Hace días – o tal vez semanas prendidas en sueños furtivos - que intentamos leer abandonados libros y es imposible conseguirlo con calma.
Abrimos un libro al azar, posamos los ojos sobre unas líneas, manoseamos sus páginas y volvemos a cerrarlo. Demasiadas evocaciones sobre los manojos de hierba creciendo libremente en las macetas del balcón… y sobre los afectos amorosos que se han ido envueltos en brumas y pesadumbres.
De todo lo vivido – y quizás tal vez haya sido mucho - nos queda una brizna de escozor; las más, aflicciones que el tiempo ayuda a disipar y solamente deja, nítidos y palpables, los momentos buenos.
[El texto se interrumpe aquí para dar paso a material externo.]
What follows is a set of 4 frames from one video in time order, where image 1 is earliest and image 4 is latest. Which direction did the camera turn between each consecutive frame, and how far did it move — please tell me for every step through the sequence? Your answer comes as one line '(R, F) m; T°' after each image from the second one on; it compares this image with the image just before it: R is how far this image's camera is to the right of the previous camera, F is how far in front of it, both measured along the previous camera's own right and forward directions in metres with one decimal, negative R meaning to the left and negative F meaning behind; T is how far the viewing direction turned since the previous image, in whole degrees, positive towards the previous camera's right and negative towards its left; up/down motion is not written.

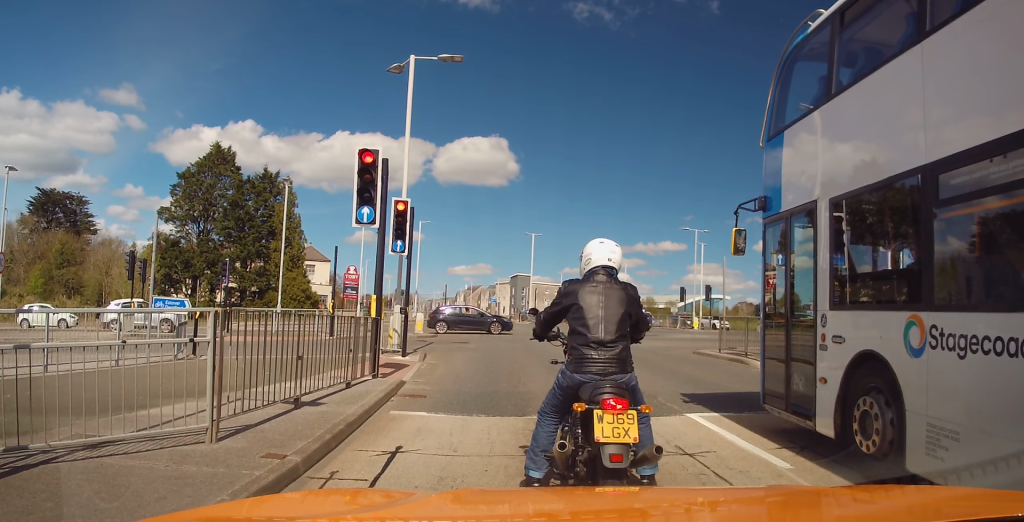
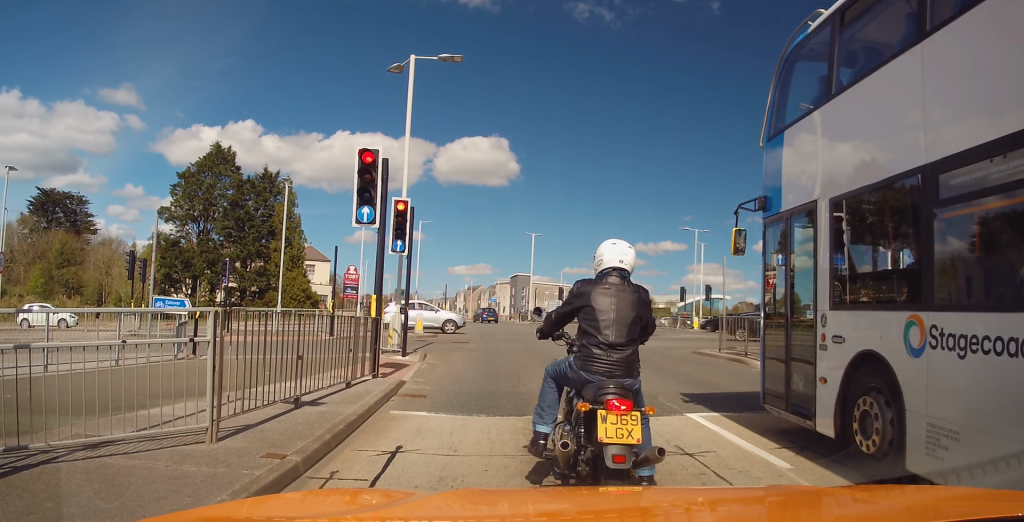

Nos acordamos más fácilmente de los instantes agradables que de los acongojados.
Los recuerdos llegan al compás de la primera brisa veraniega y con ella los sentimientos encontrados.
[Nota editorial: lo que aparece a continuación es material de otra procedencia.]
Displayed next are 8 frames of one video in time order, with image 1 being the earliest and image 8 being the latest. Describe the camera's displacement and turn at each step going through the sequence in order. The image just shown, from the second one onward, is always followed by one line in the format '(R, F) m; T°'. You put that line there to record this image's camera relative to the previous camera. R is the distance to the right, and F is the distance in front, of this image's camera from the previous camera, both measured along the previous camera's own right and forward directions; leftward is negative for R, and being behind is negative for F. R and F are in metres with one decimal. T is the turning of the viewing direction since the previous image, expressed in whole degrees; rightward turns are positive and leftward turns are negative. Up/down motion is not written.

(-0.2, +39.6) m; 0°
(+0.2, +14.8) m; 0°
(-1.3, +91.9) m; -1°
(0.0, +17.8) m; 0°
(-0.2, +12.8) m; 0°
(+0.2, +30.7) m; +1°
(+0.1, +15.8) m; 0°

¿En qué ciudad un rostro de muchacha en madrigal nos lanzó una sonrisa y, al hacerlo, cerró el balcón tras una hilera de altos tilos? ¿En Esmirna, cerca de la playa donde Homero imaginó a Ulises? Se hace Imposible recordarlo. Posiblemente sucedió en Capri, bajando el promontorio hacia la Torre de Tiberio, o doblando un muro de piedra en el Puerto de Marina Grande. Ahora no estamos seguros. Todo es igual a espejos reflejando una acuarela inundada de vaho convertido en desaliento.
Con los años, ya es más reconfortante guarnecerse en el balcón de la vereda, lugar de las congojas amortajadas. En sus paredes color ocre, entre añejos libros conocedores de nuestras cuitas, el poema de William Wordsworth se abre a un nidal de resonancias enclaustradas, dejándonos una sensación de afinidad recóndita y la certeza de haber vivido al compás macerado, los latidos del corazón.
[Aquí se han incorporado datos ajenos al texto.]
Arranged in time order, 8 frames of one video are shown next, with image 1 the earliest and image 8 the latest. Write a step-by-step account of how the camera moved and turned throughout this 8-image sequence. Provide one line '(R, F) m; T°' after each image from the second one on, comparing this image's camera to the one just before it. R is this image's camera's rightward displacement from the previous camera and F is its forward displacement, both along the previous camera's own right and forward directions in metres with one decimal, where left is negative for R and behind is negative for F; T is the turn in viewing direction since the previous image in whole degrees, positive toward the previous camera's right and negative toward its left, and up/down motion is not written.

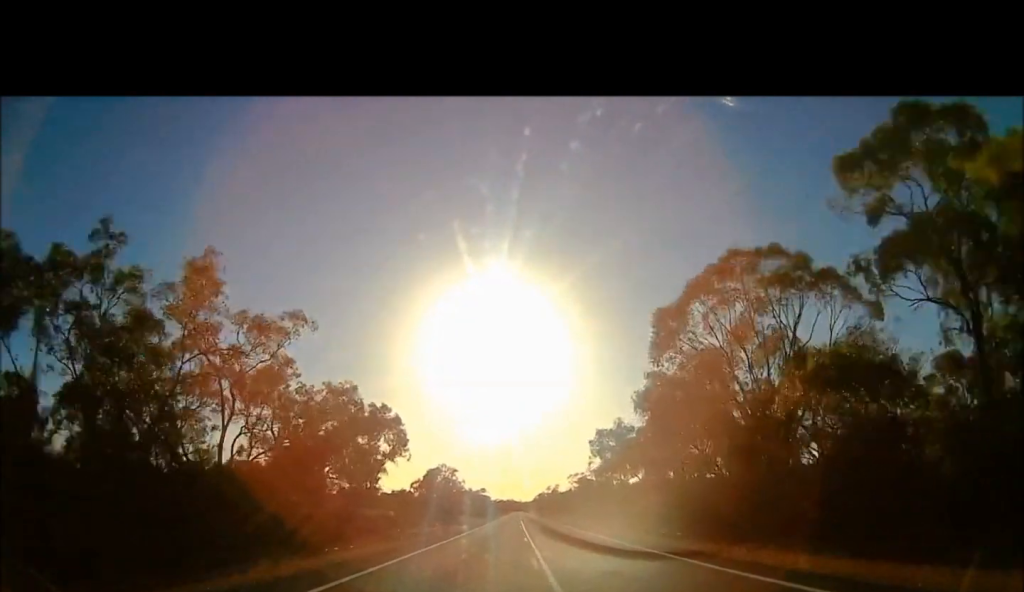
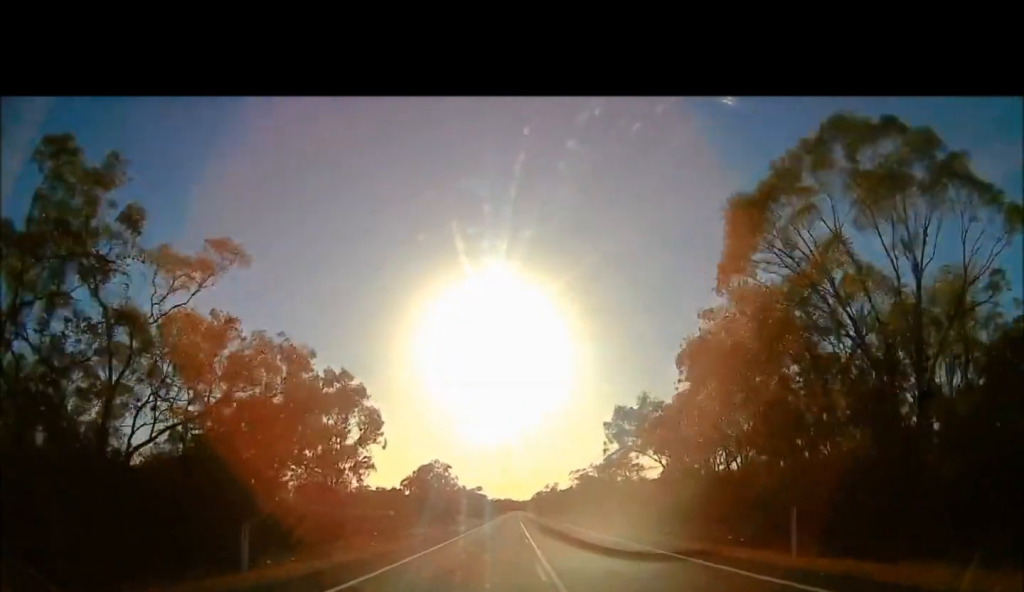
(+0.3, +13.0) m; 0°
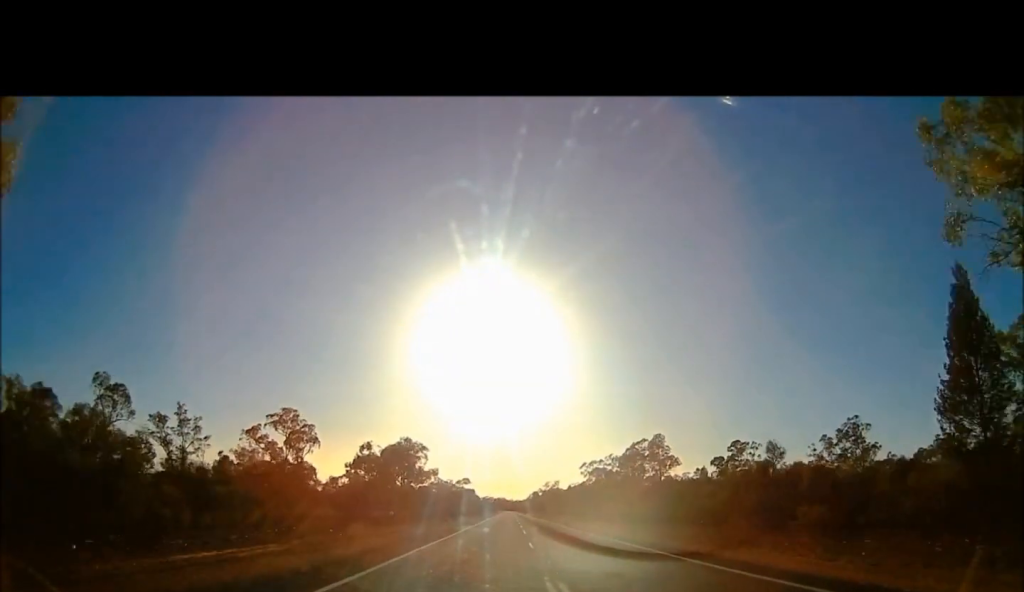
(-0.2, +48.5) m; -1°
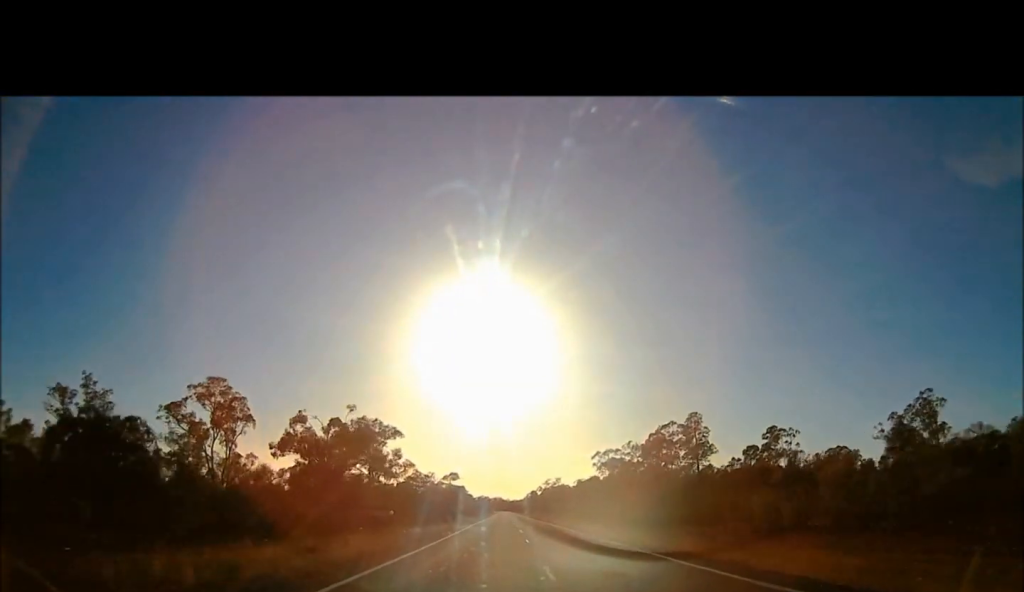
(-0.1, +30.5) m; +1°
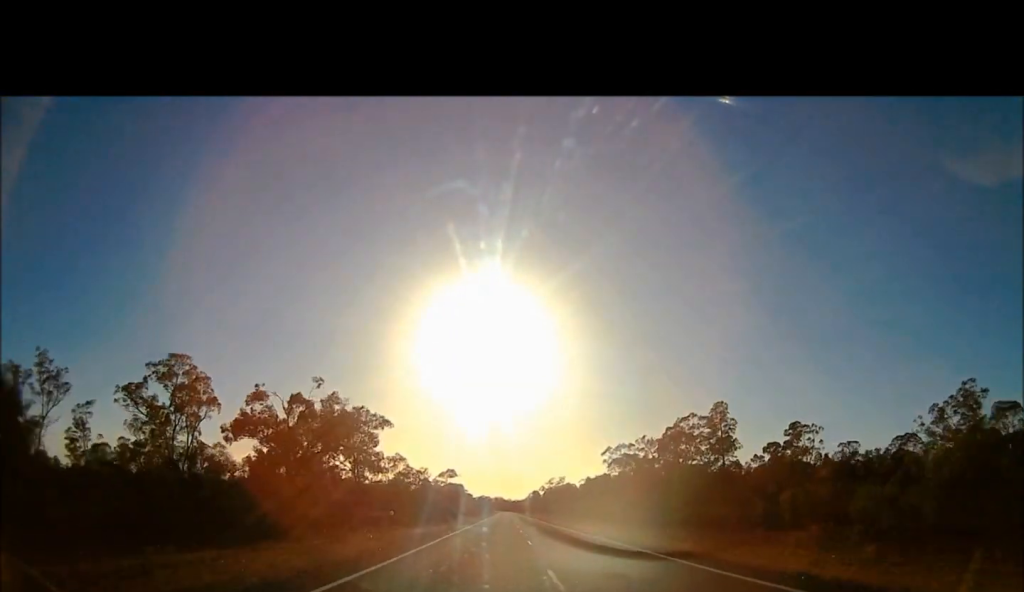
(+0.1, +12.4) m; +1°
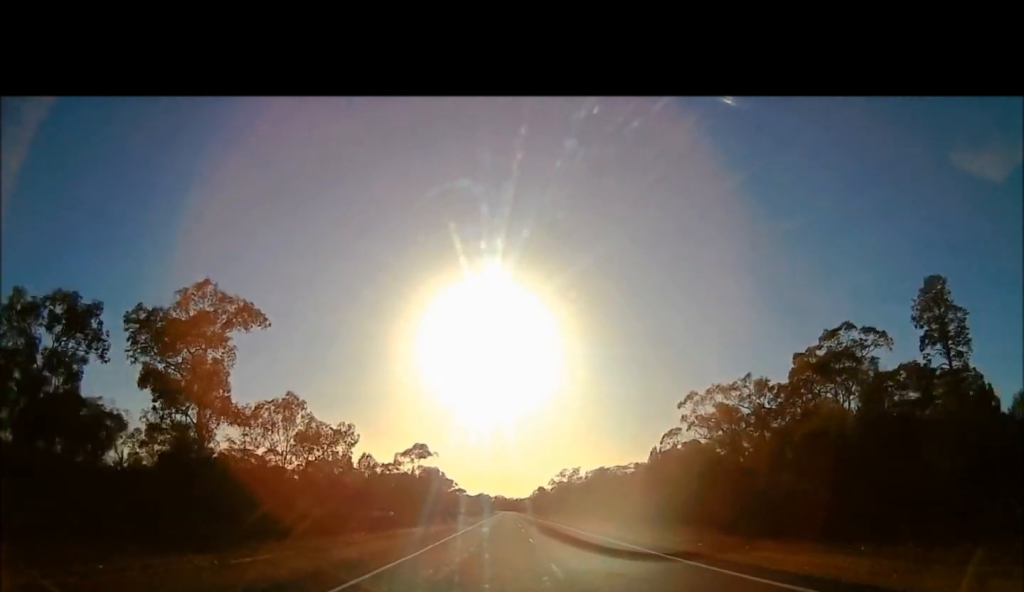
(+1.3, +52.1) m; -1°
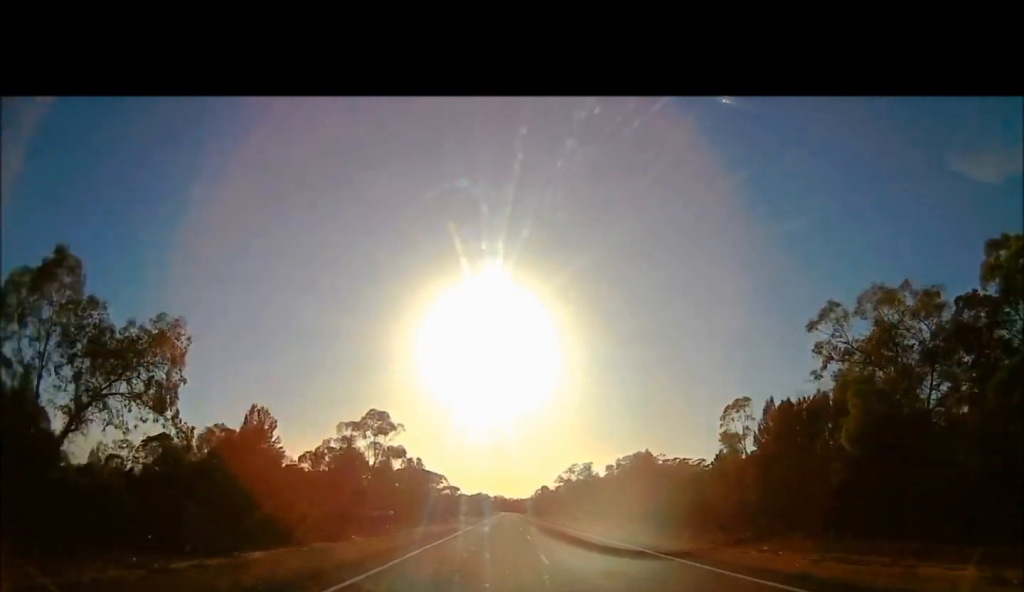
(-1.6, +35.7) m; -1°
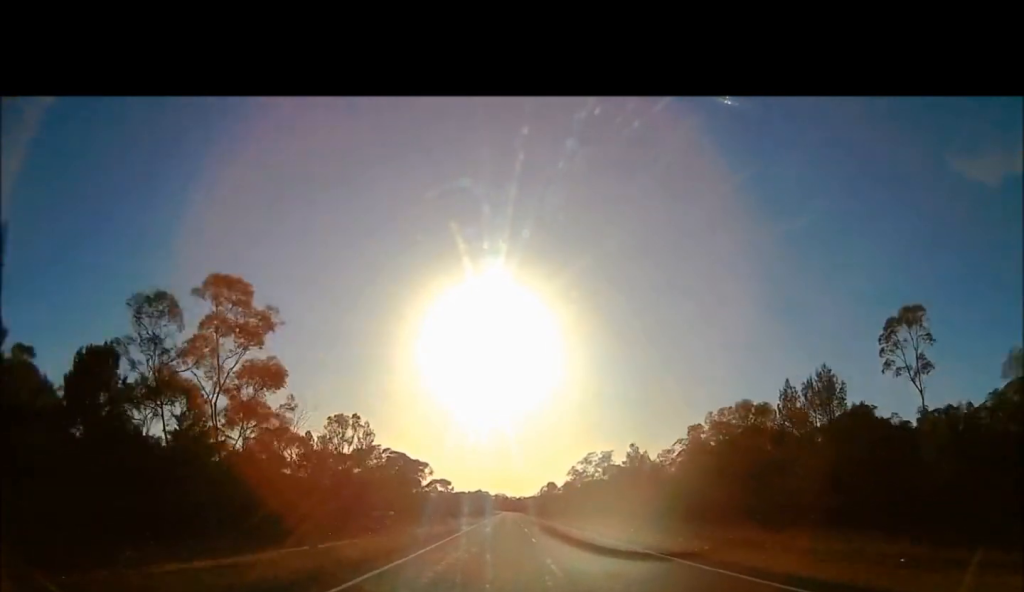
(+1.1, +40.8) m; 0°

“Aunque mis ojos ya no puedan ver ese puro destello, / que en mi juventud me deslumbraba; / aunque ya nada pueda devolver / la hora del esplendor en la hierba / de la gloria en las flores, / no hay que afligirse. / Porque la belleza siempre subsiste en el recuerdo”.
En el poema hay melancolía, y a su vez una enorme esperanza en las médulas del espíritu evocador.
Ya es verano y al campo y a los paseos de las playas anchas e inmensas, han salido en desbandada igual a golondrinas oscuras las veteranas bicicletas al encuentro de nuevos o antiguos amores que renacen o mueren en cada canícula.
Los antaños compañeros de vino, palabras, trovas y madrigales, se disiparon al vaivén de los caminos sin retorno. Ahora, sobre las tapias desconchadas cercanas al mar Mediterráneo, perduran remembranzas que el tiempo apasionante convirtió en bruma y cal.
La brisa con saborcillo a salitre inflamado, nos vuelve a traer recuerdos aún no disipados: es como si la subsistencia o la alegría interior – un poco asediada - , nos llamara a pisar la arena brillante, el rompiente agua y a contemplar la desnudez hermosa de las jóvenes muchachas en flor.
Ha llegado la estación del verano y con ella risueñas evocaciones sobre la piel rasgada. El sol invita al sosiego y la calma entre las dunas de El Saler, y la playa de levantina de Malvarrosa nos recuerda que aún subsistimos.
Hablaremos con ardor como Violeta Parra: “Gracias a la vida, que me ha dado tanto”.